30 October 2007

A Campus-wide Eating Disorder


My good friend pointed out a rather disturbing fact to me the other day. Apparently, one of her classmates in global health class found that some horrible figure like 30% of the typical female college student's daily conversation is centered around food. Whether it's about what to eat, whether we should stop eating, boasting about how much we just ate, or weighing the pros and cons of going for that study-break cookie--it's all about food. Some of it in a healthy way, most of it not. The mere fact that we talk about it so much sounds pretty unhealthy to me. Once my friend mentioned this to me I noticed how much of my conversation really does revolve around food. I think I'm the last person to have an eating disorder, but it's fascinating (and horrifying) to me that my conversational skills are so limited by what I put in my stomach.

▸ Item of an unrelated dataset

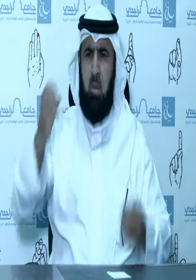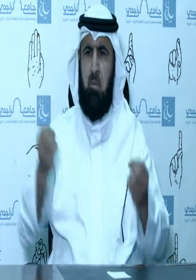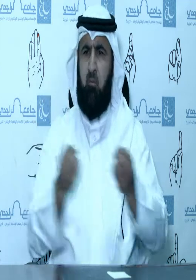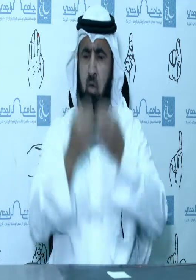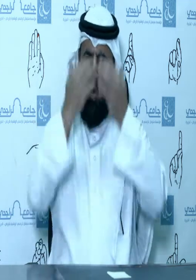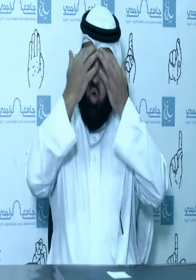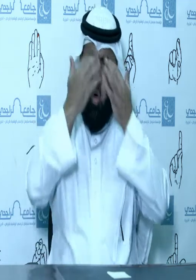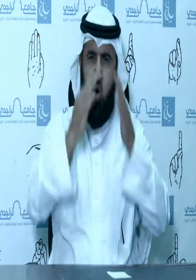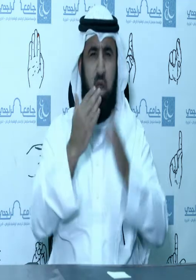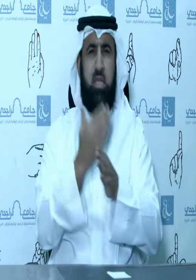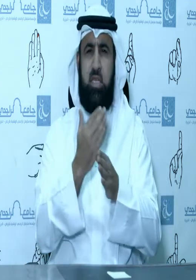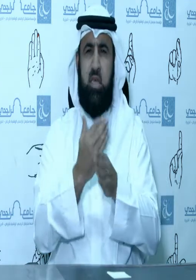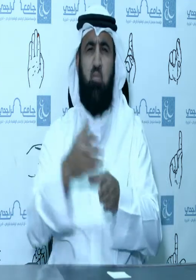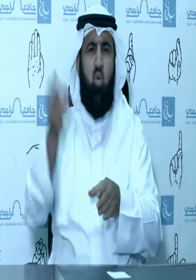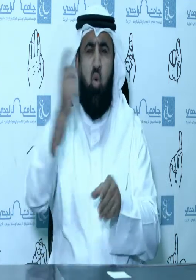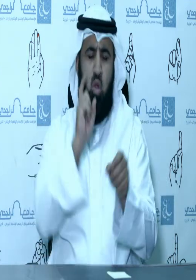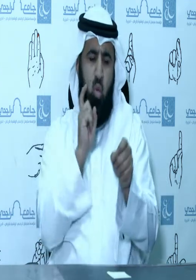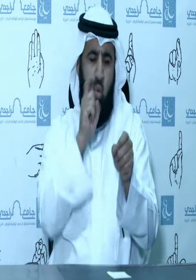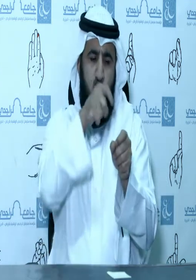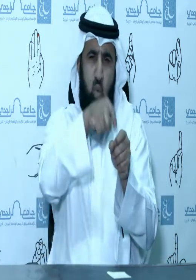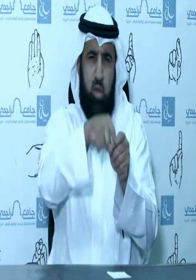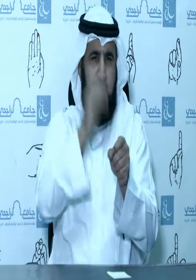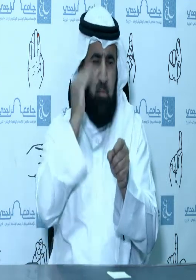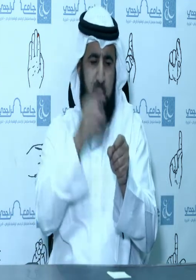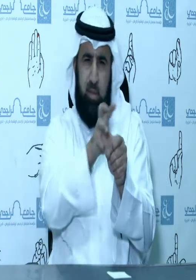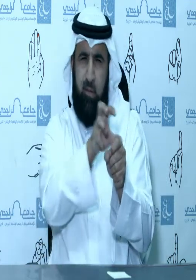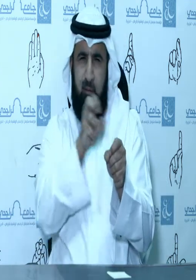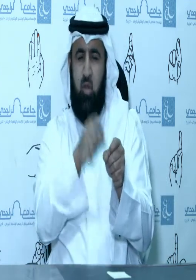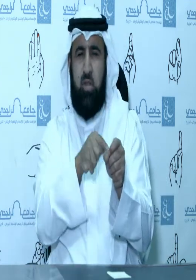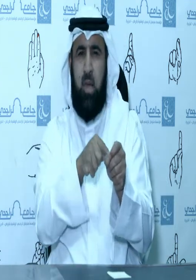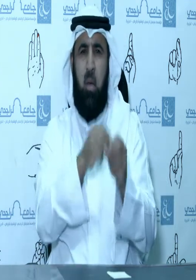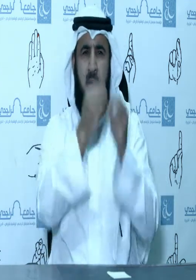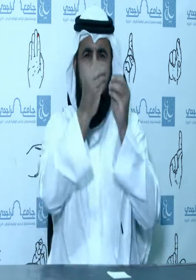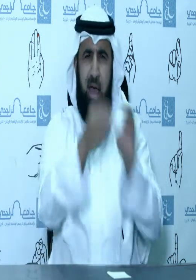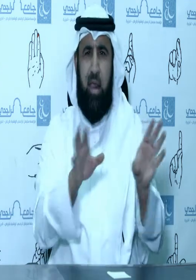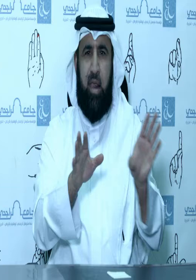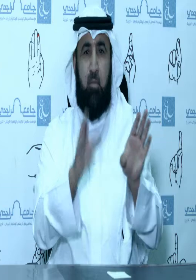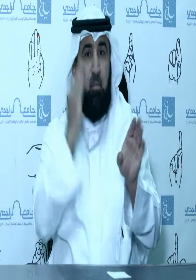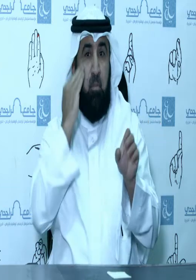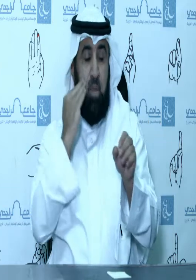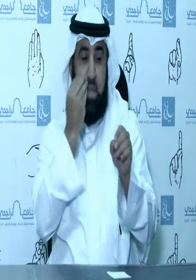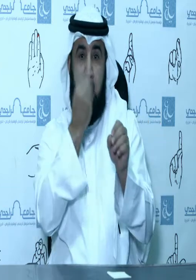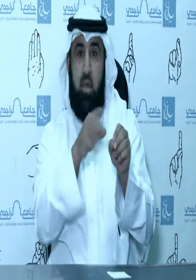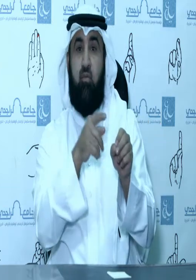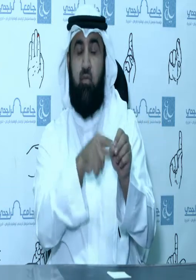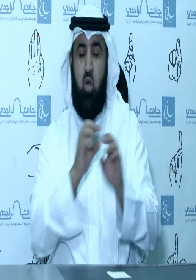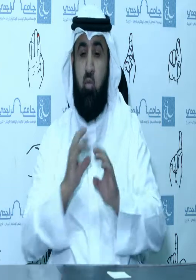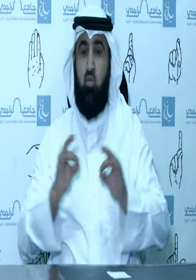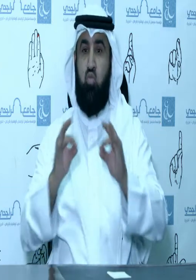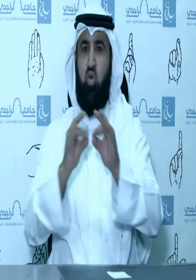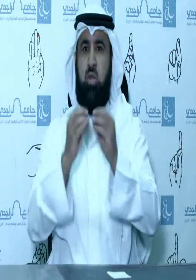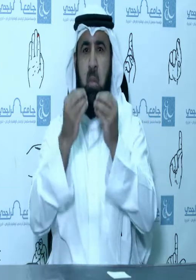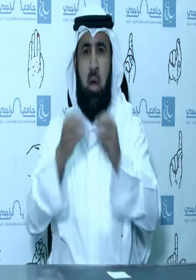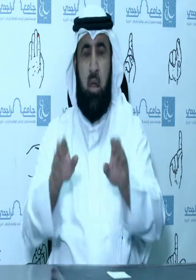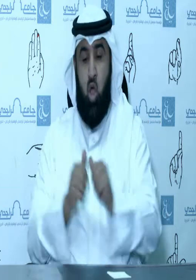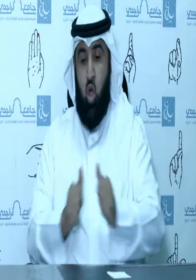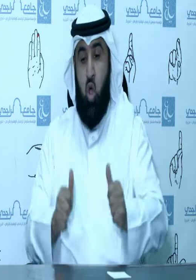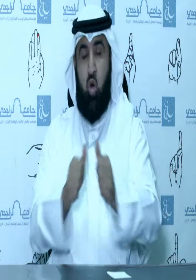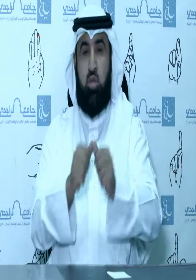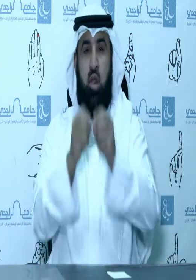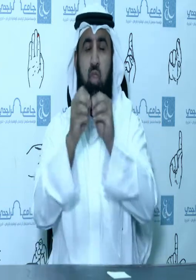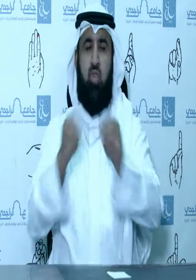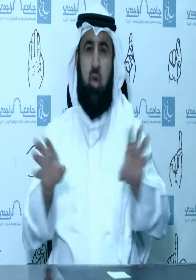الوصول للمرأة حتى يفسد المجتمع وتتشتث الأسرة ولا يصبح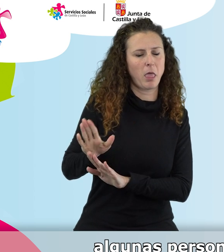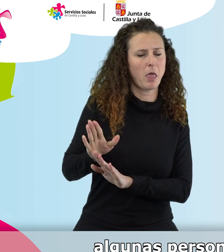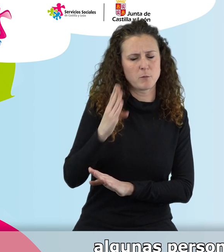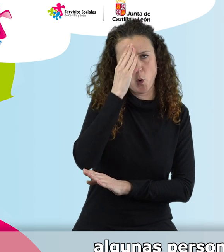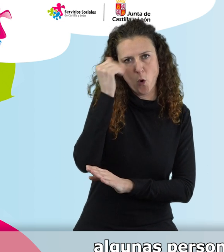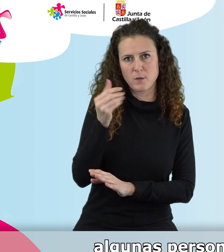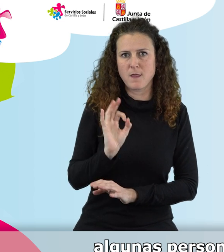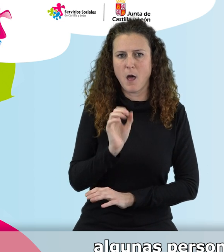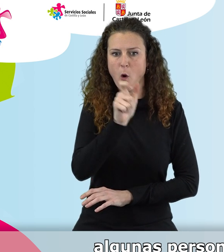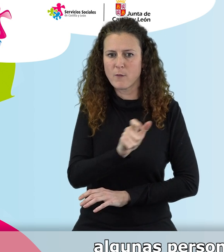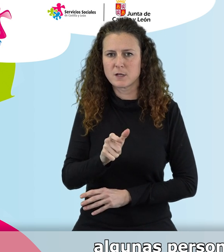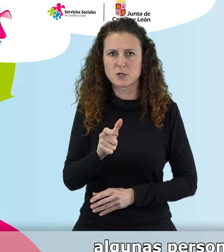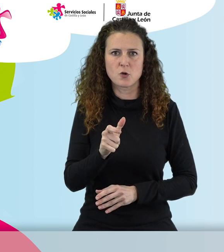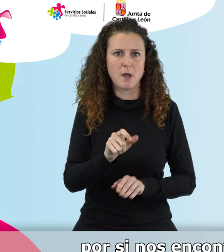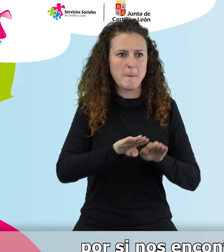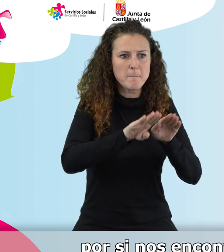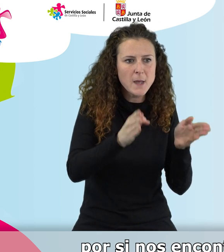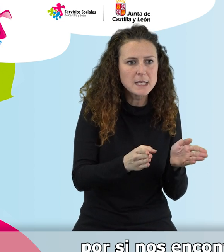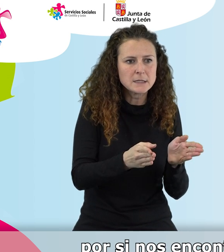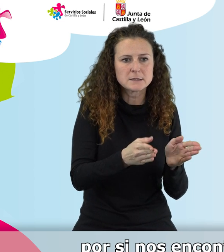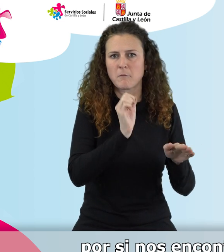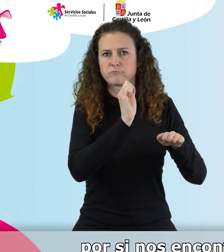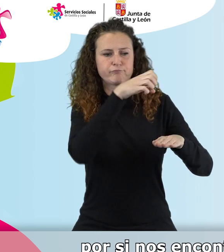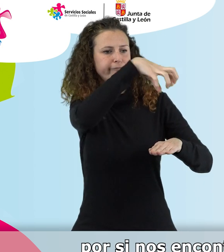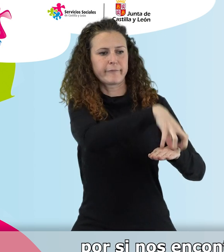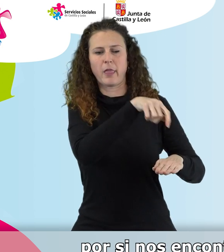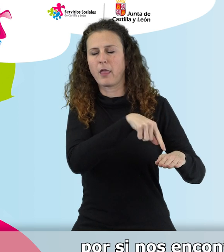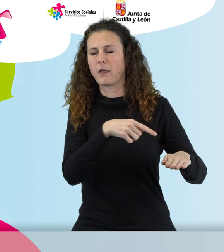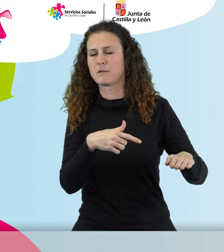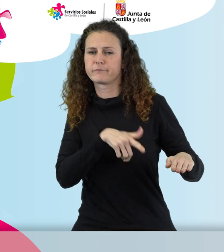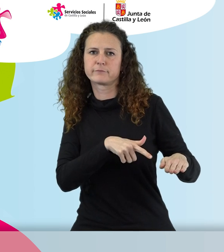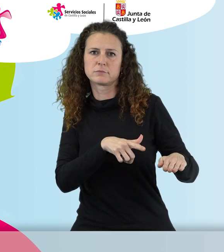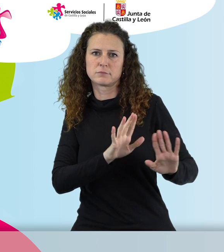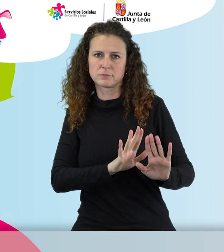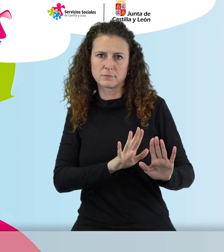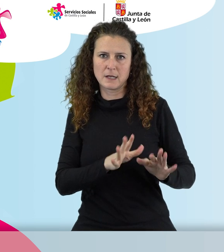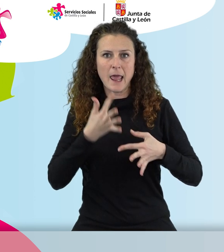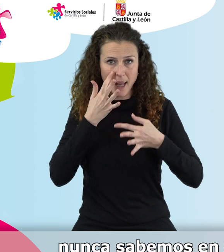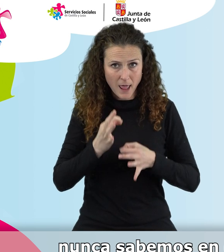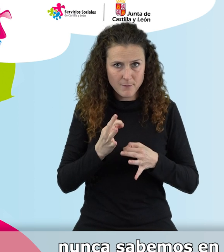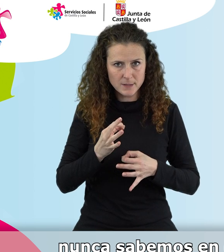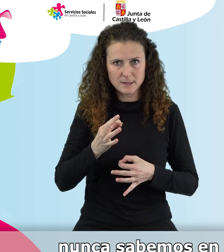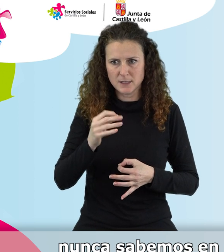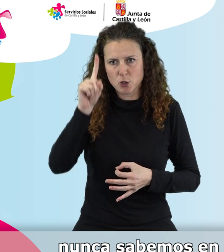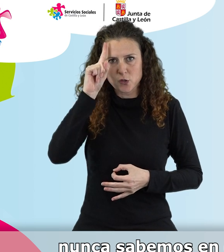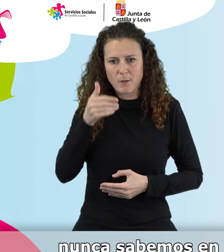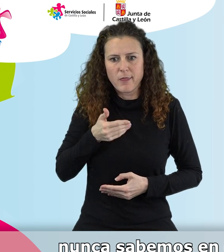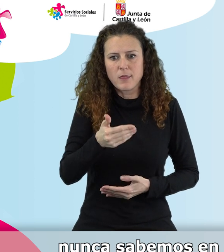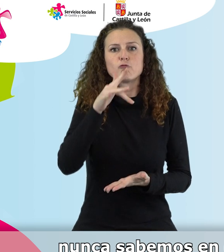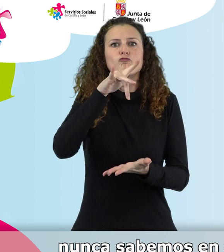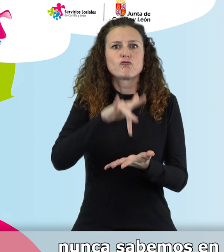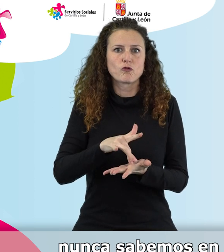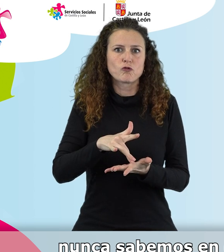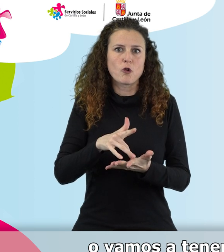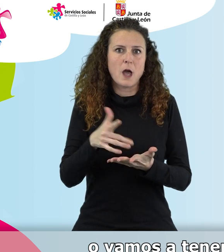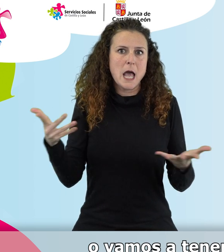algunas personas se hacen siempre en la mesilla, por si nos encontramos mal por la noche, etc. Pero es que realmente, Concha, nunca sabemos en qué momento vamos a

This reminds me of Michael Pollan's idea that America is afflited by a national eating disorder. As omnivores, so much of our everyday brain power is devoted to deciding what to eat--whether it's safe, what the benefits will be to us, and most of all, whether or not we desire it at the particular moment.

I remember the days when I ran cross country in high school and could put anything and everything into my stomach. Huge plates of pasta before the big race. Waffle cones filled with double, triple scoops of cookies 'n cream ice cream. Everything except for milk--which, I found out the hard way, takes hours to digest and will slosh around uncomfortably in your stomach for everyone within ten steps of you to hear. Back then, I'm sure I talked about food a great deal, but most of it was in anticipation of what I was going to eat next. Never about whether or not I should eat something. Now, though, maybe because of the limited healthy options available to me on a college campus, or maybe because I have some kind of minor eating disorder that afflicts all American young women, so much of my brain power is put to the useless task of deciding whether it is "okay" for me to eat something or not.

I say, forget about whether or not you should eat that cookie. Who cares if there are 300 calories in it? Just eat the damn thing, and think of those 300 calories as extra energy that you'll use to power your brain in its new task of thinking about something useful.